Hi Wolfgang,

I finally decided to test different implementations:

   * first based on an accumulation function
   * second (your suggestion) relying on drools to 1) build all
     SentenceWindows then to 2) locate ManualAnnotations inside those
     Windows
   * third (your suggestion as well) relying on drools to 1) build only
     SentenceWindows that might be interesting (containing one of the
     ManualAnnotations I am looking for) then to 2) locate
     ManualAnnotations inside those Windows

First implementation performs quite well but I am stuck on the parametrization (I need to to define build2windows, build3windows, build4windows... functions): 47 milliseconds on 100 sentences, 94 ms sentences with 1000 sentences Second implementations is of course sub optimal since it creates many useless windows: 125 ms on 100 sentences, 14400 ms on 1000 sentences Third implementation is very versatile and its performances are comparable to the accumulator solution: 93 ms on 100 sentences, 125 ms on 1000 sentences

So thanks again for your suggestion; it was definitely useful :-).

Regards,

Bruno.

Le 19/08/2011 17:25, Wolfgang Laun a écrit :
2011/8/19 Bruno Freudensprung <[email protected] <mailto:[email protected]>>


    I am not sure I understand what you mean by "random order" but I
    guess it has to do with my ArrayList result type.
    What I had in mind is to put all sentences in a TreeSet during the
    "action" method, and finally issue an ArrayList result object by
    iterating over the TreeSet and grouping sentences.


Heh :) I clean forgot that I had done this sort of thing not too long ago.

    My first guess was that such an accumulator might be faster than a
    construction of windows using rules.
    However I admit your suggestion is very elegant, and I thank you
    for that! I am probably still too imperative-minded...


Well, a procedural solution would be a reasonable alternative for this problem.

-W


    Regards,

    Bruno.

    Le 19/08/2011 16:05, Wolfgang Laun a écrit :
    How would you write "buildwindows", given that its "action"
    method would be called once for each Sentence, in random order?

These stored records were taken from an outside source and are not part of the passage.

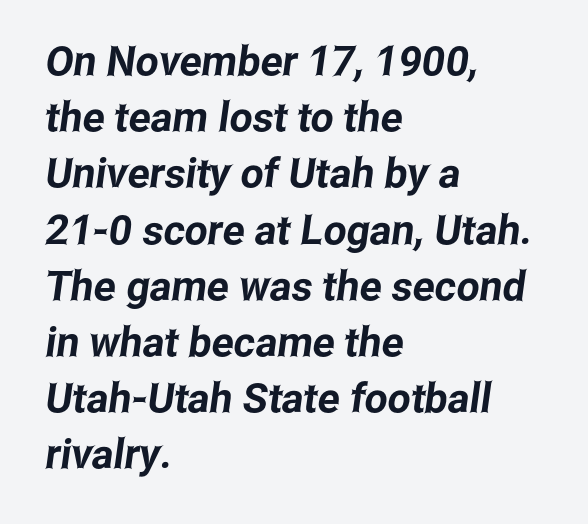
Q: Is the typeface a serif or a sans-serif typeface? A: Sans-serif.
Q: Is the text underlined? A: No.
Q: How is the paragraph aligned? A: Left-aligned.
Q: Is the spacing between letters normal or unusually wide? A: Normal.
Q: Is the spacing between lines tight, normal or loose? A: Normal.
Q: Width (condensed, normal, or wide)? A: Condensed.
Q: Stroke contrast? A: Low.
Q: x-height? A: Medium.
Q: Monospaced? A: No.
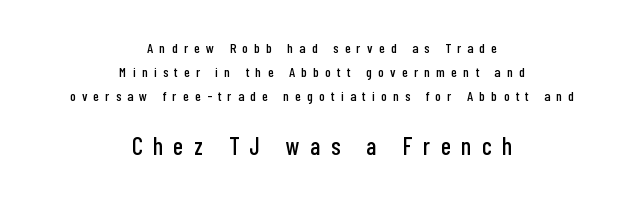
Q: Is the text italic (slanted)? A: No, it is upright.
Q: Is the text underlined? A: No.
Q: How is the paragraph aligned? A: Centered.
Q: Is the spacing between letters normal or unusually wide? A: Unusually wide.
Q: Which block of text is set in a larger size, the first (top) or the second (bottom)? A: The second (bottom) one.

    It's very simple to write a very small set of rules to construct
    all SentenceWindow facts of size 1 and then to extend them to any
    desired size, depending on some parameter.
    1. Given a Sentence and no Window beginning with it, create a
    Window of length 1.
    2. Given a Window of size n < desiredSize and given a Sentence
    immediately following it, extend the Window to one of size n+1.
    3a. For any Window of desiredSize, inspect it for "closely
    situated ManualAnnotations".
    3b. If ManualAnnotations have been associated with their
    containing Sentences up-front, you just need to find Windows with
    more than 1 ManualAnnotation, adding them in the RHS of rule 2 above.

    -W


    2011/8/19 Bruno Freudensprung <[email protected]
    <mailto:[email protected]>>


        Hi Wolfgang,

        Thanks for your answer.
        Sentences are not contiguous (might be some space characters
        in between) but manual annotations cannot overlap sentences
        (interpret "overlap" in terms of Drools Fusion terminology).
        If I had an "inside" operator, do you think the following
        accumulate option could be better?

        when
        *$result : ArrayList() from accumulate ( $s: Sentence(),
        buildwindows($s))*
        *$w : SentenceWindows () **from $result*
            a1 : ManualAnnotation (this *inside *$w)
            a2 : ManualAnnotation (this != a1, this *inside *$w)
        then
            ... do something with a1 and a2 since they are "close" to
        each other
        end

        Does anyone know something about accumulator parametrization
        (looking at the source code it does not seem to be possible,
        though)?
        Maybe a syntax inspired of operator parametrization could be
        nice:

            $result : ArrayList() from accumulate ( $s: Sentence(),
        *buildwindows[3]($s)*)

        Best regards,

        Bruno.

        Le 19/08/2011 13:55, Wolfgang Laun a écrit :
        There are some details that one should consider before
        deciding on a particular implementation technique.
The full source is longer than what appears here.